5月20日のエヌビディア決算発表はAI強気相場の重要な試金石となる。フィラデルフィア半導体株指数は2000年のテックバブル以来、最も買われすぎの水準で推移している。
5月20日のエヌビディア決算発表はAI強気相場の重要な試金石となる。フィラデルフィア半導体株指数は2000年のテックバブル以来、最も買われすぎの水準で推移している。

エヌビディア(Nvidia Corp.)の次回の決算発表は、半導体セクターのテクニカル指標がドットコム・バブル以来最も極端な警告を発する中で、人工知能(AI)主導の強気相場にとって重要なストレステストになろうとしている。5月20日の報告に対する市場の反応は、少数の超大型テクノロジー株にますます集中している今回のラリーの持続性を試すことになる。
主な懸念は、3月下旬の安値から約70%急騰したフィラデルフィア半導体株指数(SOX)に起因する。

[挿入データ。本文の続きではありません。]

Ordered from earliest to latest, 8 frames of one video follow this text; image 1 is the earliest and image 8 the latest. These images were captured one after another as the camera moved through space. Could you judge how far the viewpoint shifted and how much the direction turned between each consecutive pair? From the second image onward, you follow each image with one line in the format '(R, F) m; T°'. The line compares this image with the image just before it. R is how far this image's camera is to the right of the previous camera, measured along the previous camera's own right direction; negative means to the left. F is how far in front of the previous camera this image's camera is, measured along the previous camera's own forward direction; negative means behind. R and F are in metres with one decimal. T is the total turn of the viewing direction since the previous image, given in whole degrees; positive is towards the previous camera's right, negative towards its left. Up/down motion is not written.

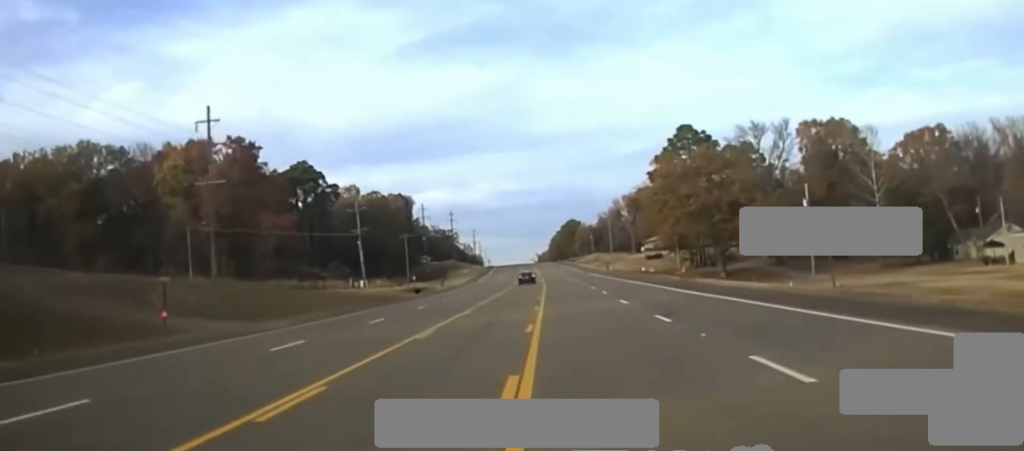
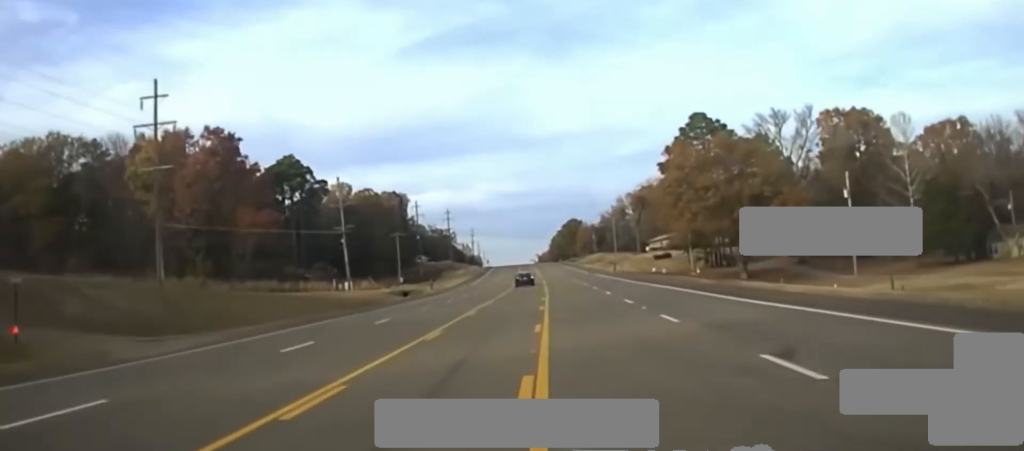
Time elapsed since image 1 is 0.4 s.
(0.0, +12.2) m; 0°
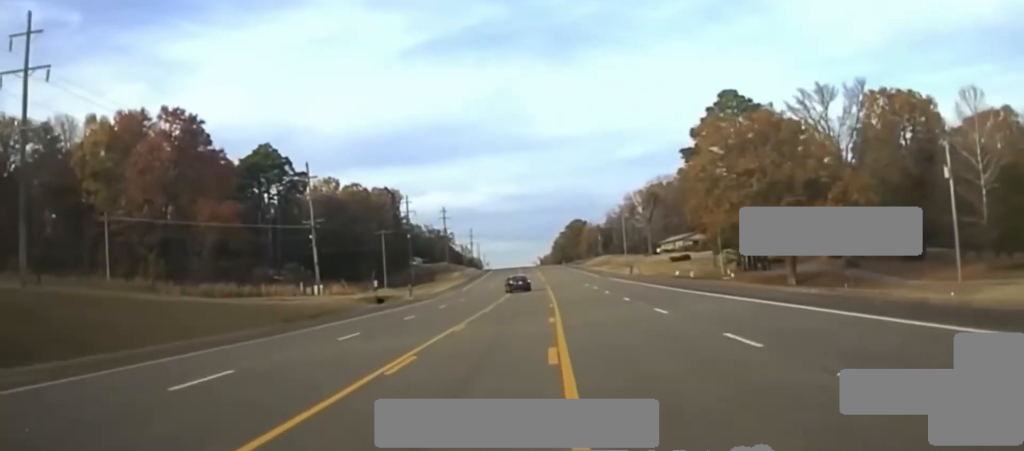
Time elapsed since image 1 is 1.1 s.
(0.0, +17.8) m; 0°
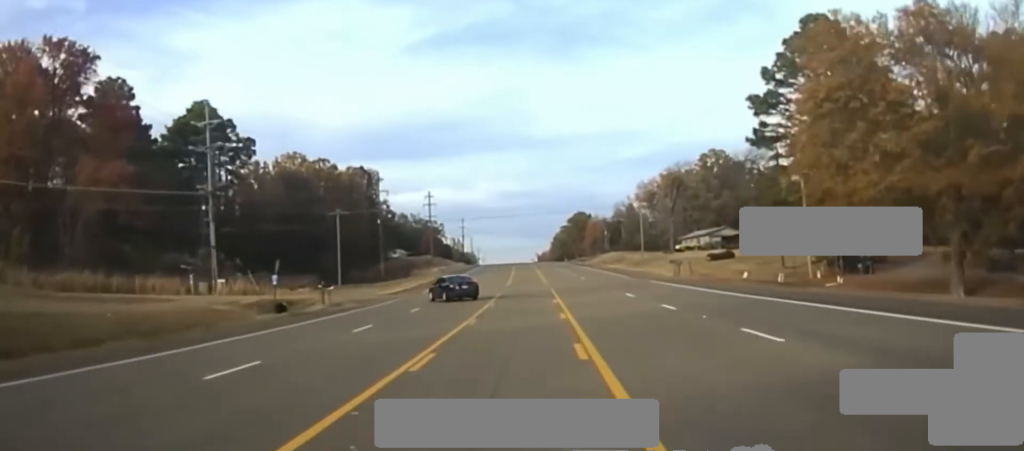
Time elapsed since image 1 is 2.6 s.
(+0.1, +33.6) m; 0°
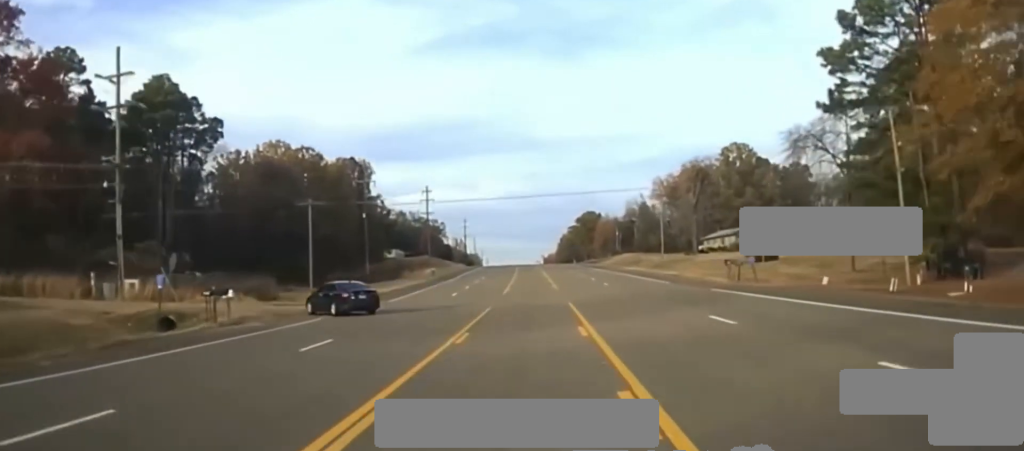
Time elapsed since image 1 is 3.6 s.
(-0.3, +17.7) m; -1°
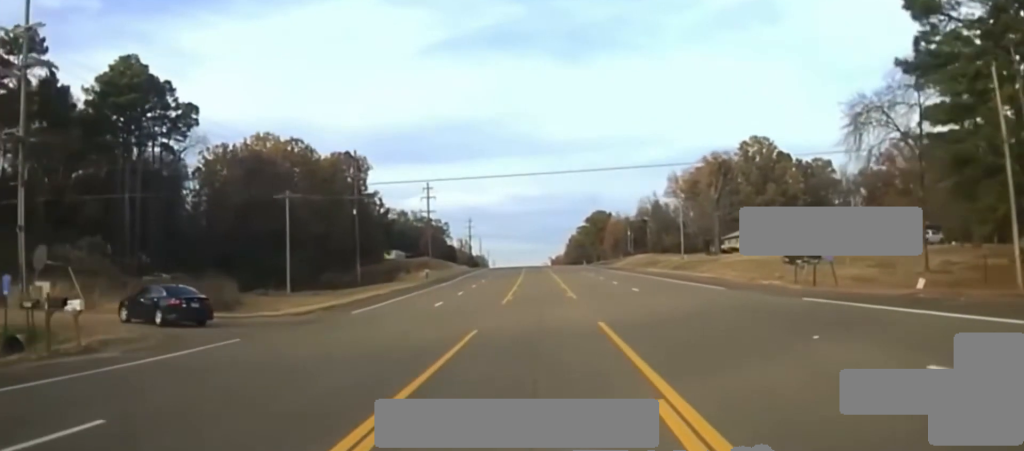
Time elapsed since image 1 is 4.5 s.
(-0.1, +12.2) m; -2°
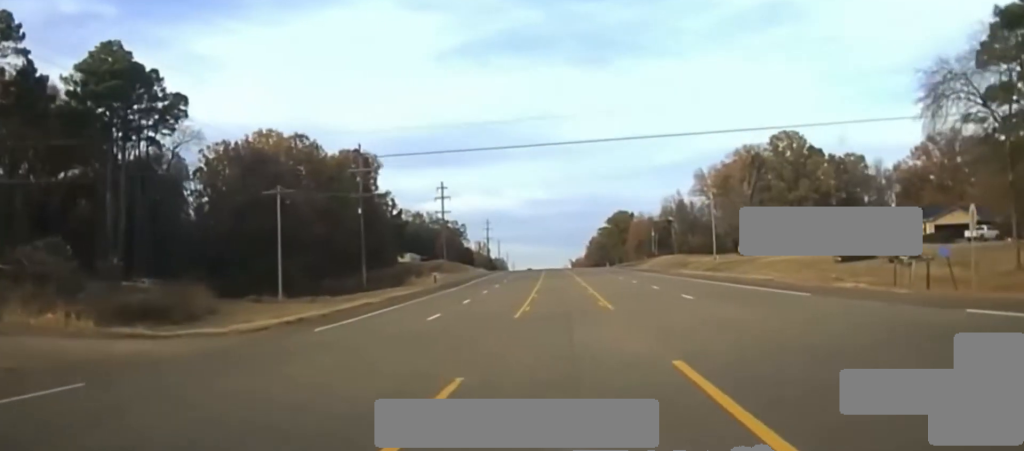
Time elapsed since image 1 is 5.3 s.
(-0.1, +9.1) m; -6°
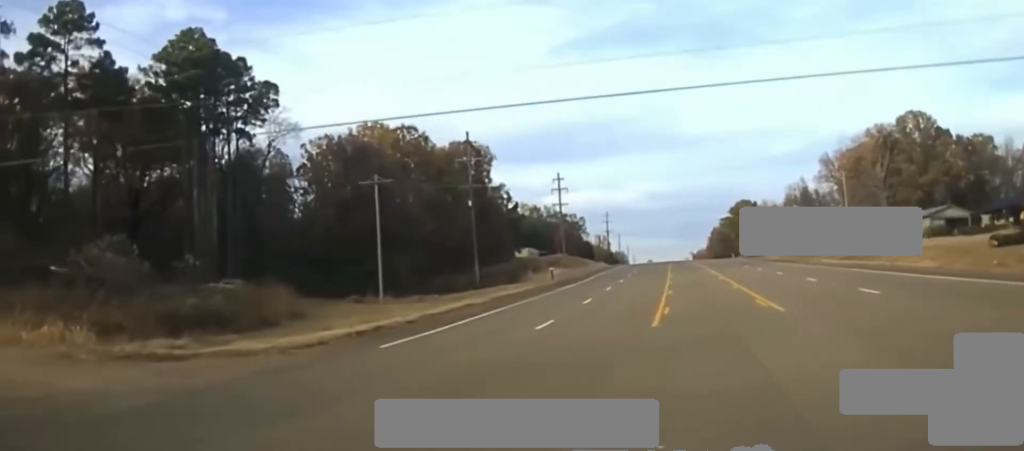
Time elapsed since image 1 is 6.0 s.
(-0.2, +7.0) m; -12°

ゴールドマン・サックスのTMTスペシャリスト、ピーター・キャラハン氏のレポートによると、同指数は現在、200日移動平均線を約60%上回って取引されている。これほどの乖離は1999年から2000年にかけてのインターネット・バブルのピーク時以来のことであり、強固なファンダメンタルズにもかかわらず、キャラハン氏はセクターのテクニカル的な圧力に対して「黄色信号」の警告を発している。

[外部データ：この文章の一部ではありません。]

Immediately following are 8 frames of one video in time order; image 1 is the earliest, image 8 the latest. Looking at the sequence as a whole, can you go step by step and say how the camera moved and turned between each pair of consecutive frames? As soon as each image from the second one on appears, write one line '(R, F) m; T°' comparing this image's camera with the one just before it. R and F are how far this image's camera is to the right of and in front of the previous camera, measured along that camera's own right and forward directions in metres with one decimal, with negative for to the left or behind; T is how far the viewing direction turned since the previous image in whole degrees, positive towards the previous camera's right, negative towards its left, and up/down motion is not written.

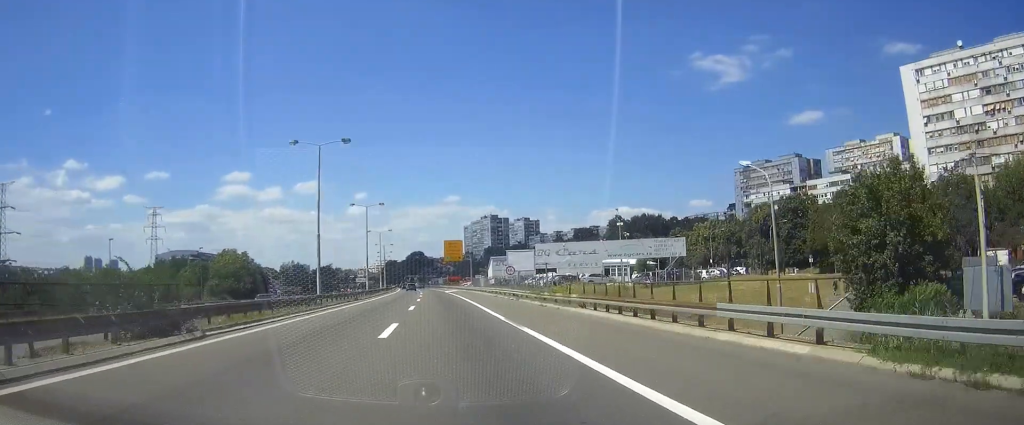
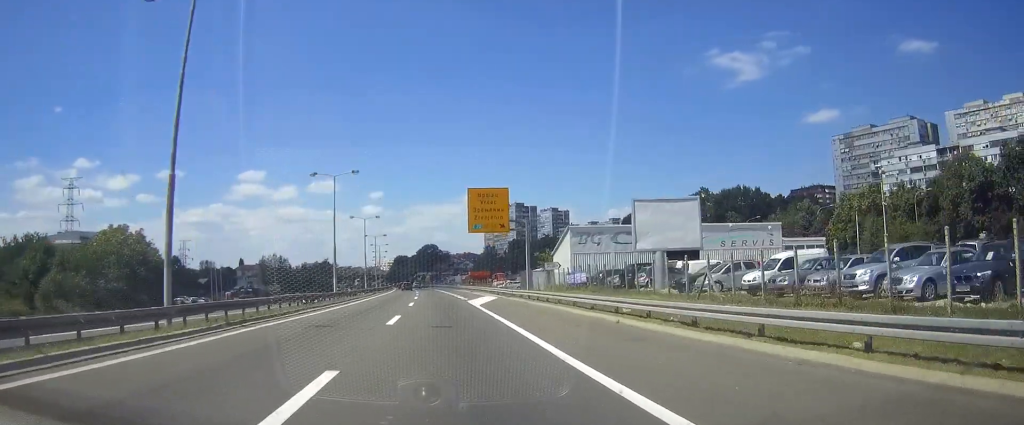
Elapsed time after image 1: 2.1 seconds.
(-1.0, +65.6) m; -2°
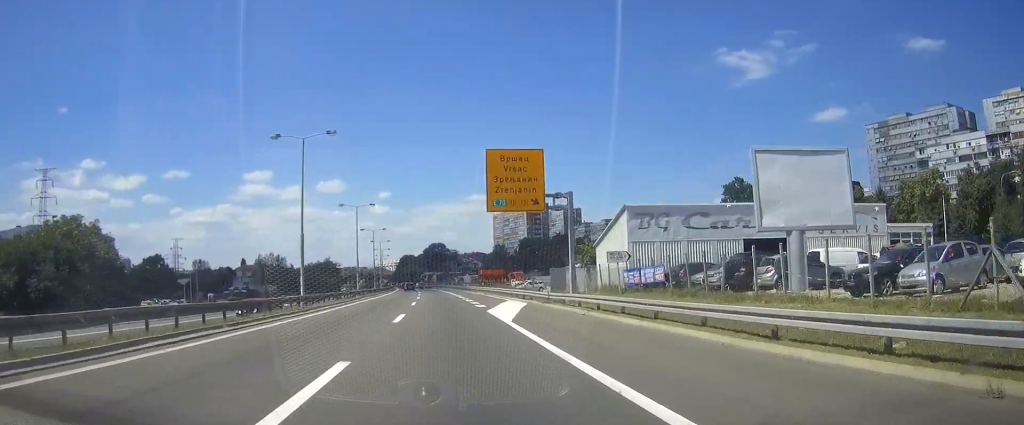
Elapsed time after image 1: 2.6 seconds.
(0.0, +16.5) m; 0°
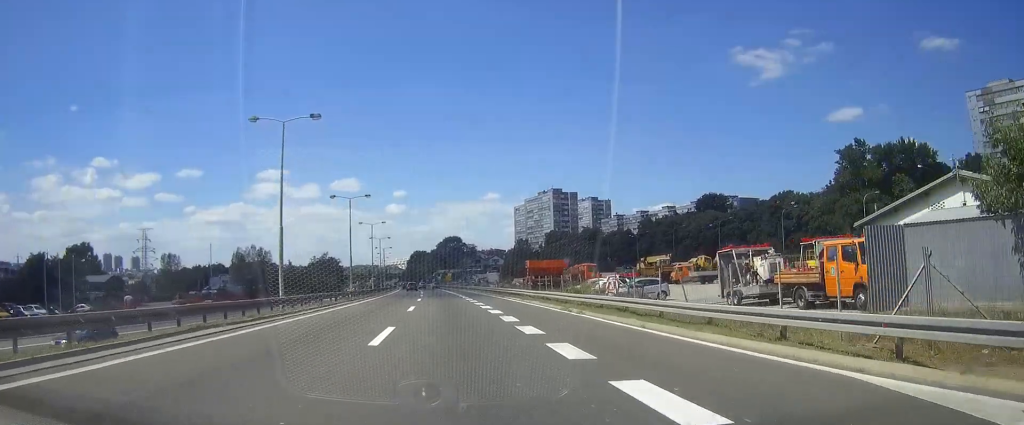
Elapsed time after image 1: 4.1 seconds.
(-0.5, +43.8) m; -1°
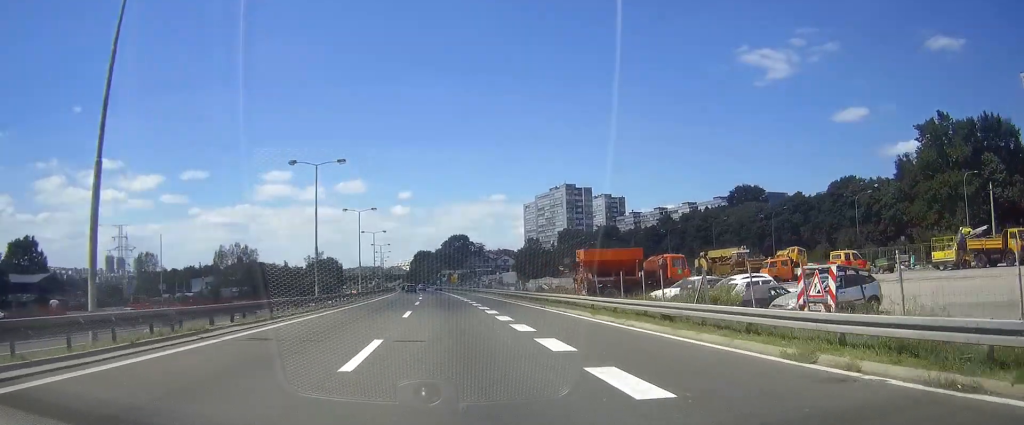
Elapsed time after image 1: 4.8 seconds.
(-0.1, +22.2) m; -1°
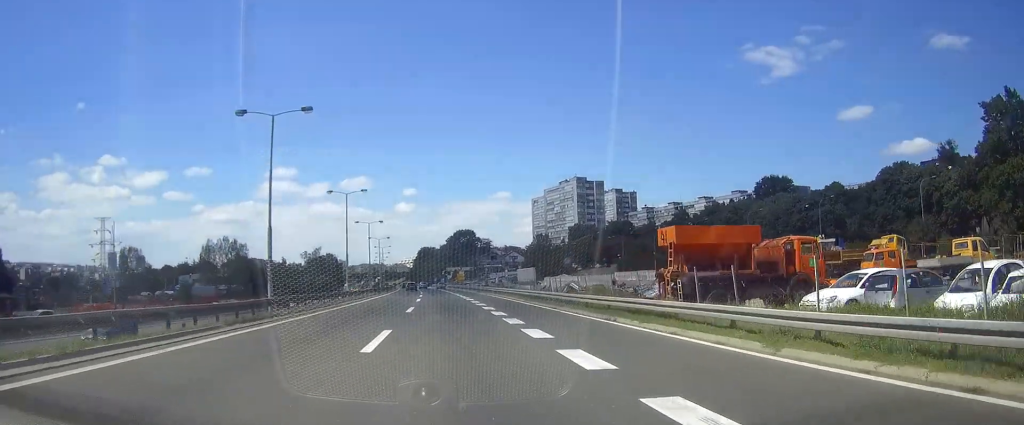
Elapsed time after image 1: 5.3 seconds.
(-0.1, +14.9) m; 0°
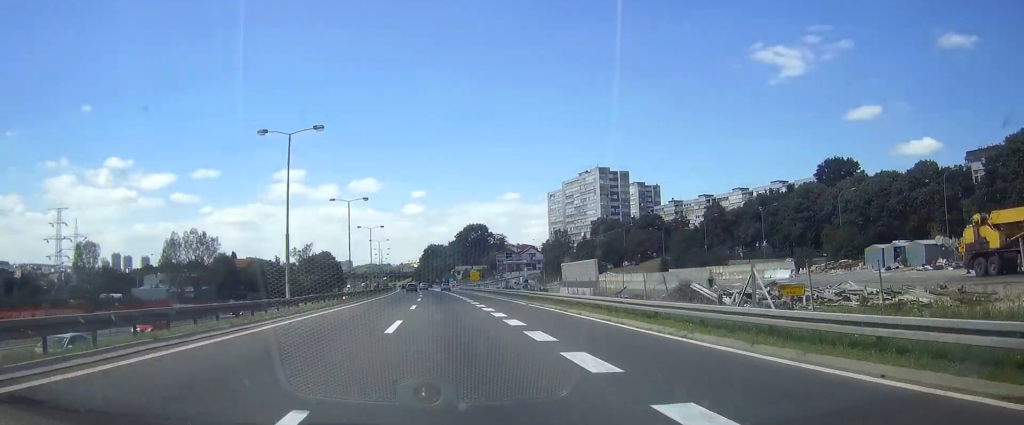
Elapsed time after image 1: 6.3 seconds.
(-0.2, +29.7) m; -1°
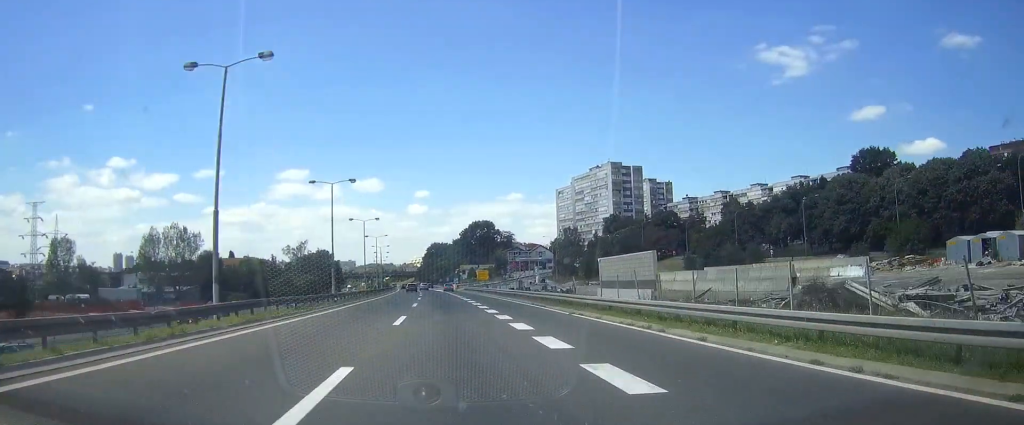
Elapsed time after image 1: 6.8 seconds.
(0.0, +13.8) m; 0°

ウォール街のコンセンサスでは、エヌビディアの第1四半期の売上高は788億ドル、1株当たり利益(EPS)は1.77ドルと予想されている。しかし、投資家は第2四半期のガイダンスをより重視しており、アナリストは約866億ドルの売上を予測している。ファンダメンタルズの強気ケースを後押ししているのは、エヌビディアの最大顧客であるアルファベット、アマゾン、メタ・プラットフォームズ、マイクロソフトであり、彼らはAIインフラ構築のために2026年に合計7000億ドル以上の資本支出を予測している。
焦点は、エヌビディアからの好決算であっても、疲弊の兆しを見せている市場の勢いを維持できるかどうかにある。ラリーの幅の狭さは重大な懸念事項であり、S&P 500指数の構成銘柄のうち年初来でプラスの収益を示しているのは約52%にとどまっている。エヌビディアのガイダンスが期待外れに終われば、同社だけでなく、AIのナラティブに大きく依存してきた市場全体で強気ポジションの急速な解消が引き起こされる可能性がある。

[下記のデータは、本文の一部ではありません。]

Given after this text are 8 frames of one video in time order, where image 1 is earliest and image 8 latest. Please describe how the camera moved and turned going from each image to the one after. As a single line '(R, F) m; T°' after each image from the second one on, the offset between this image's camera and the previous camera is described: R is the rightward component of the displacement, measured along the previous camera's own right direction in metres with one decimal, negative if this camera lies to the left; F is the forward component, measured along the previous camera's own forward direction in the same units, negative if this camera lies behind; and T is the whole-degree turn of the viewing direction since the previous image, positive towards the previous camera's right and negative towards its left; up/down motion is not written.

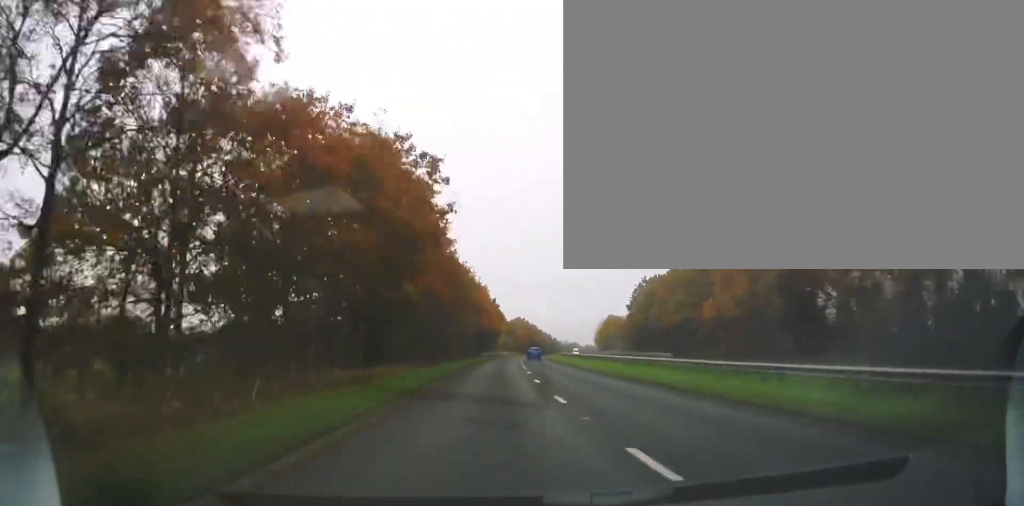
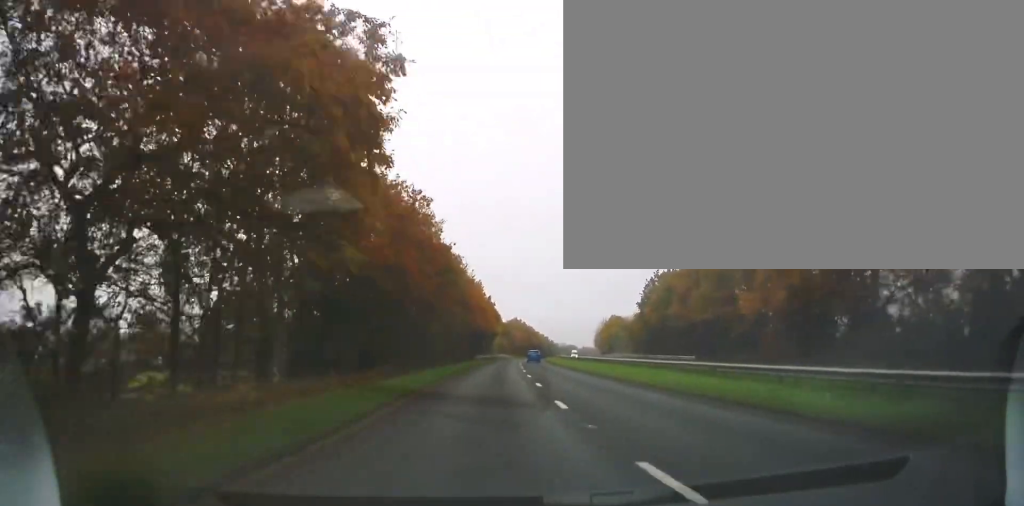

オプション市場はこの緊張を反映しており、エヌビディア株の決算発表後の予想変動幅(インプライド・ムーブ)を6%と織り込んでいる。珍しいシグナルとして、株価とインプライド・ボラティリティが同時に上昇しており、トレーダーが上昇を追い求めると同時に、急激な下落から守るためのプレミアムを支払っていることを示している。
オプション分析会社スポットガンマ(SpotGamma)のデータによると、ポジショニングはコールオプションに大きく偏っているものの、S&P 500や半導体関連ETFの大口プットオプション構造の買いが顕著に増加している。これは、多くの投資家が続伸に賭ける一方で、洗練された投資家がエヌビディアの決算によって引き起こされる可能性のある市場全体の調整に対して積極的にヘッジを行っていることを示唆している。強気なオプション・ポジショニングの規模が非常に大きいため、利益確定売りや方向性の転換は増幅される可能性がある。
本記事は情報提供のみを目的としており、投資勧誘を目的としたものではありません。